Test loss increase as soon as the training starts

I’m new to deep learning (image classification). I finetune a resnet50 model by replacing the top layer with my own sequential layer to classify 10 plant diseases. I only take the gradient of the sequential layer and set the other to false. The test loss seemed to increase as soon as it starts.

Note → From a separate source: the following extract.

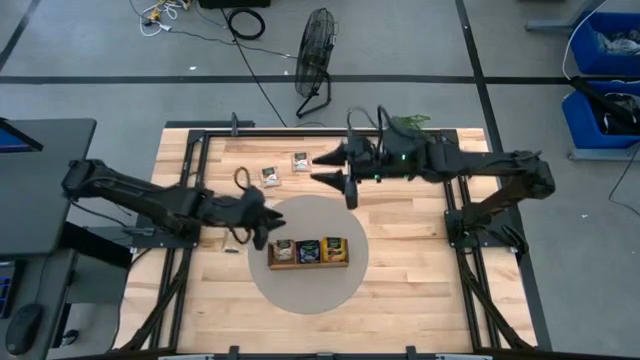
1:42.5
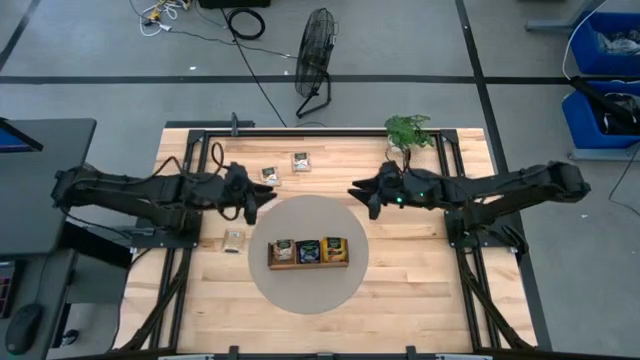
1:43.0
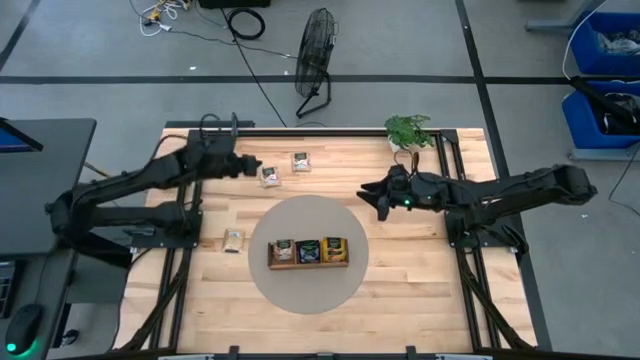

Below are the pieces of information that may help:

  1. Model: Resnet50 (pre-trained weights from ImageNet)
  2. Batch Size: 10
  3. Optimizer: Adam
  4. Learning rate: 0.001
  5. Loss: NLLLoss
  6. Pytorch 1.5+cu101
  7. Python 3.6.1
  8. VS Code
  9. 100 training images/class
  10. 40 test images/class

Train-test loss of 30 epochs

# Freeze parameters so we don't backprop through them
for param in model.parameters():
    param.requires_grad = False

out_features = 10
hidden_layers = 1000

from collections import OrderedDict
classifier = nn.Sequential(OrderedDict([
                          ('fc1', nn.Linear(model.fc.in_features, hidden_layers)),
                          ('relu', nn.ReLU()),
                          ('fc2', nn.Linear(hidden_layers, out_features)),
                          ('output', nn.LogSoftmax(dim=1))
                          ]))

model.fc = classifier

#writer = SummaryWriter('C:/Users/User/Desktop/Health-ID-Beta-v1/weights/resnet18/Log') 

#Loss function
criterion = nn.NLLLoss()

#Gradient descent function applied only on the new classifier
#optimizer = optim.SGD(model.fc.parameters(), lr=0.001, momentum=0.9, nesterov=True )
optimizer = optim.Adam(model.fc.parameters(), lr=0.001)

epochs = 400
train_losses, test_losses = [], []

valid_loss_min = np.Inf

for e in range(epochs):
    running_loss = 0
    for images, labels in trainloader:
        
        #Load the images and labels to gpu
        images, labels = images.to(device), labels.to(device)
        
        start = time.time()
        
        # Clear the gradients, do this because gradients are accumulated
        optimizer.zero_grad()

        # Forward pass, then backward pass, then update weights
        output = model(images)
        
        #Calculate the loss with NLLLoss function
        loss = criterion(output, labels)
        
        #Calculate the gradient 
        loss.backward()
        
        #Update the weights for the new classifier
        optimizer.step() 
        
        running_loss += loss.item()
        
    else:
        ## TODO: Implement the validation pass and print out the validation accuracy
        test_loss = 0
        accuracy = 0
        
        with torch.no_grad():
            model.eval()
            
            for images, labels in testloader:
                
                #Load the images and labels to GPU memory.
                images, labels = images.to(device), labels.to(device)
                
                #Forward Pass
                output = model.forward(images)
                
                #Calculate the probability from log-softmax using exponential function.
                ps = torch.exp(output)
                
                #Get the loss from the test set using nn.LLLoss()
                test_loss += criterion(output, labels)
                
                #Get the highest k value from the output
                top_p, top_class = ps.topk(1, dim=1)
                
                #Compare the predicted classes with the labels.
                equals = top_class == labels.view(*top_class.shape)
                
                #Finding the mean of equals to obtain the accuracy.
                accuracy += torch.mean(equals.type(torch.FloatTensor))
                
            model.train()
            train_losses.append(running_loss/len(trainloader))
            test_losses.append(test_loss/len(testloader))
            
            print(f"Device = {device}; Time per batch: {(time.time() - start)/3:.3f} seconds")
            
            print("Epoch: {}/{}.. ".format(e+1, epochs),
                  "Training Loss: {:.3f}.. ".format(train_losses[-1]),
                  "Test Loss: {:.3f}.. ".format(test_losses[-1]),
                  "Test Accuracy: {:.3f}".format(accuracy/len(testloader)))
            
        if test_loss <= valid_loss_min:
            print('Validation loss decreased ({:.6f} --> {:.6f}).  Saving model ...'.format(
            valid_loss_min,
            test_loss))
            torch.save(model.state_dict(), 'weights/resnet-50/Health-ID-Beta-v1-720z720-Test.pt')
            valid_loss_min = test_loss

Is this overfit? How can I improve it?